Do I report this or forget I saw it.

UPDATE: Situation Corrected after contacting company.


----------



## Celtic (May 23, 2007)

LNG24 said:


> They sent me pics today knowing I would enjoy them,...
> NO TRENCH BOXES:blink:
> 
> Look how deep this guy is!:furious:


Those guys are nuts.:blink:


You know what to do w/o anyone's input.


----------



## genecarp (Mar 16, 2008)

If you report it, how long will your parents road be ripped up and incomplete?


----------



## LNG24 (Oct 30, 2005)

I guess with residential sewer line construction we don't tamp the gravel under the pipe either? I hate reporting stuff. I've done some borderline things in my time, but even when I didn't use a trench box, I'd set up 2 pieces of 3/4" ply held apart by 4x4's. I've used that little set up when having to dive down to get to a tie in buried really deep...like 5'!


----------



## LNG24 (Oct 30, 2005)

genecarp said:


> If you report it, how long will your parents road be ripped up and incomplete?


If that guy gets crushed to death...how long will this project be put on hold while OSHA investigates them?

There is NO WAY he is surviving a collapse that deep.


----------



## Kent Whitten (Mar 24, 2006)

question....how you going to feel if the trench collapses and kills someone knowing you could have stopped it? calling someone for minor violations is questionable. someone can die quite easily in that trench.


----------



## genecarp (Mar 16, 2008)

LNG24 said:


> If that guy gets crushed to death...how long will this project be put on hold while OSHA investigates them?
> 
> There is NO WAY he is surviving a collapse that deep.


HOW many days do they have left to backfill? one, they will be done tommorrow, as far as being responsible for someones safety. thats bull. these are grown men. ever hear of NATURAL SELECTION? it may sound harsh but people need to be responsible for themselves, in this situation....


----------



## tgeb (Feb 9, 2006)

I would take these photos to the owner of the company and give him the opportunity to make corrections. 

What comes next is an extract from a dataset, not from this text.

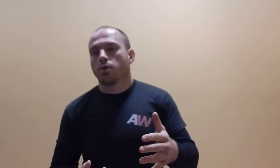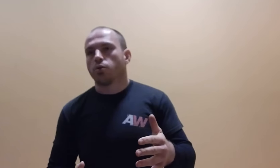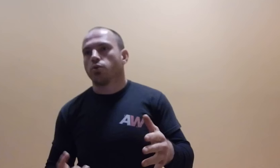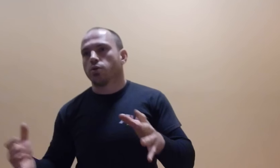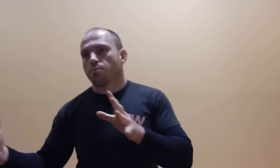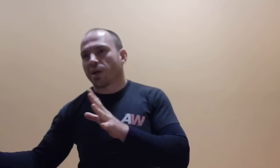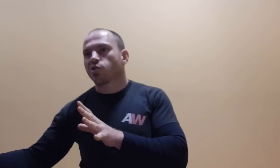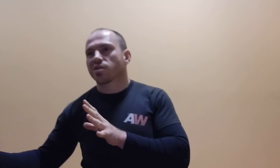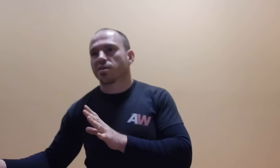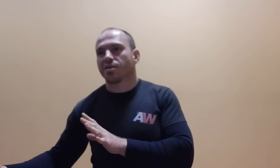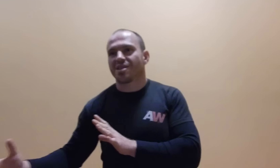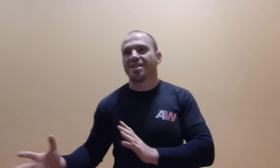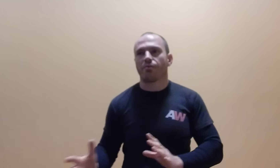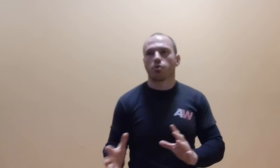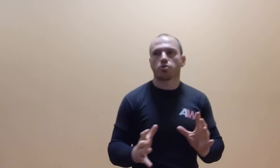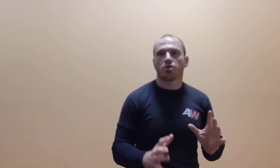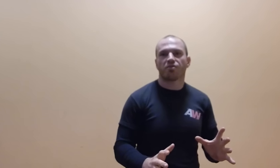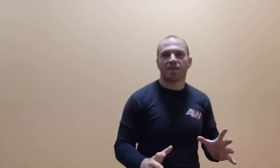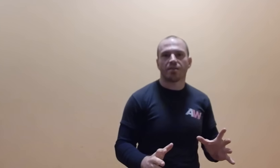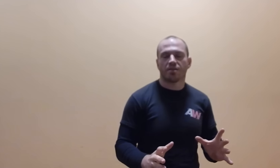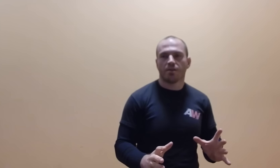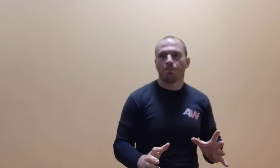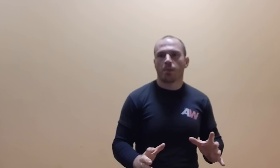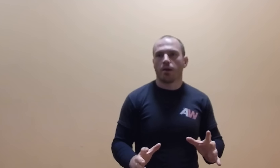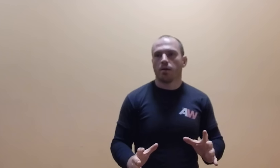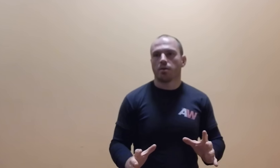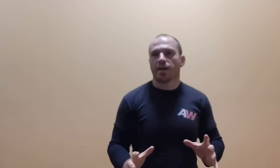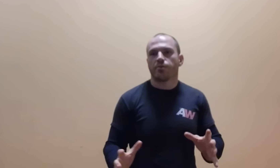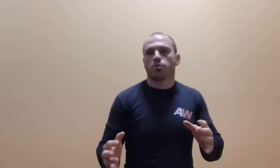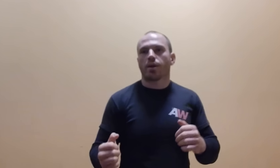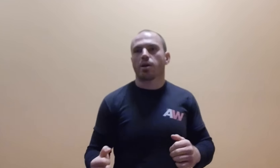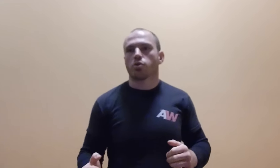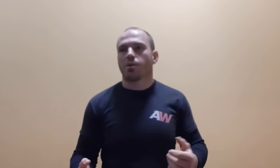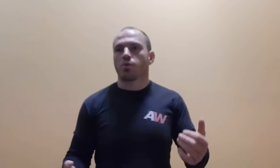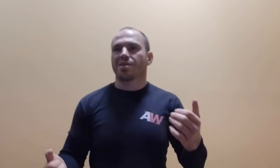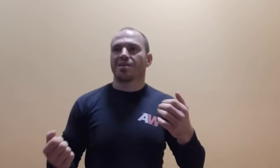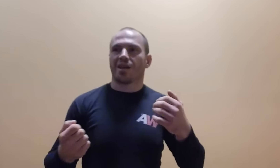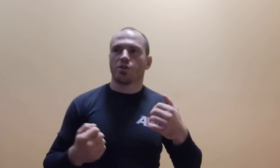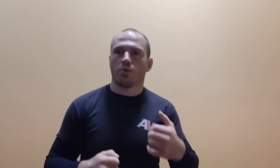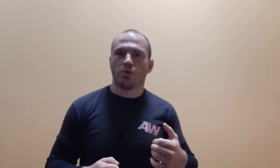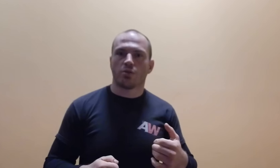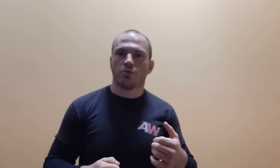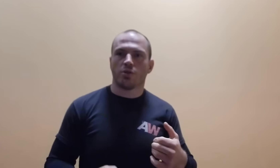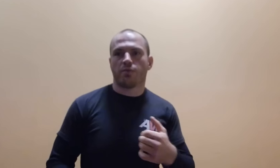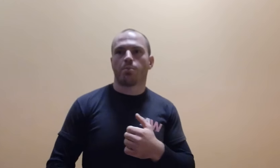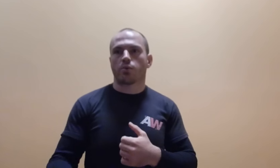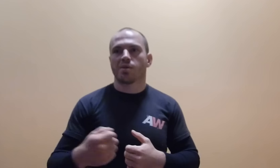I patrząc z zewnątrz wtedy, ja nie wyglądam jako osoba, która chce starcia uniknąć i w wypadku

But if it is like this the same day I bring it to the owners attention.......All bets are off. Bring on the authorities!


----------



## K2 (Jul 8, 2005)

LNG24 said:


> If that guy gets crushed to death...how long will this project be put on hold while OSHA investigates them?
> 
> There is NO WAY he is surviving a collapse that deep.


I'd be scared if i was laying down in that trench but i think those guys know what they are doing. I don't think osha knows anything.


----------



## tgeb (Feb 9, 2006)

genecarp said:


> these are grown men. ever hear of NATURAL SELECTION? it may sound harsh but people need to be responsible for themselves, in this situation....


Believe it or not some men just don't know better.

I have caused work to stop on sites like this, and given guys hell for being unsafe.


----------



## rbsremodeling (Nov 12, 2007)

I say take it up with the owner. I want everyone who hasn't done some unsafe dumb ****e to raise there hands. 

Take the photo to the owner and* nicely *explain your concern*s NICELY.*

Let him know they did a great job and that you were really concern about the safety of his guys after seeing the picture and discuss the osha stuff with him


If osha fines him it might be big or cause him problems. Can any of you guys afford an osha fine??

I am not condoning what he did. Only putting the shoe on the other foot. We all loose touch sometimes, we all make mistakes sometimes, we all do dumb ****z sometimes. 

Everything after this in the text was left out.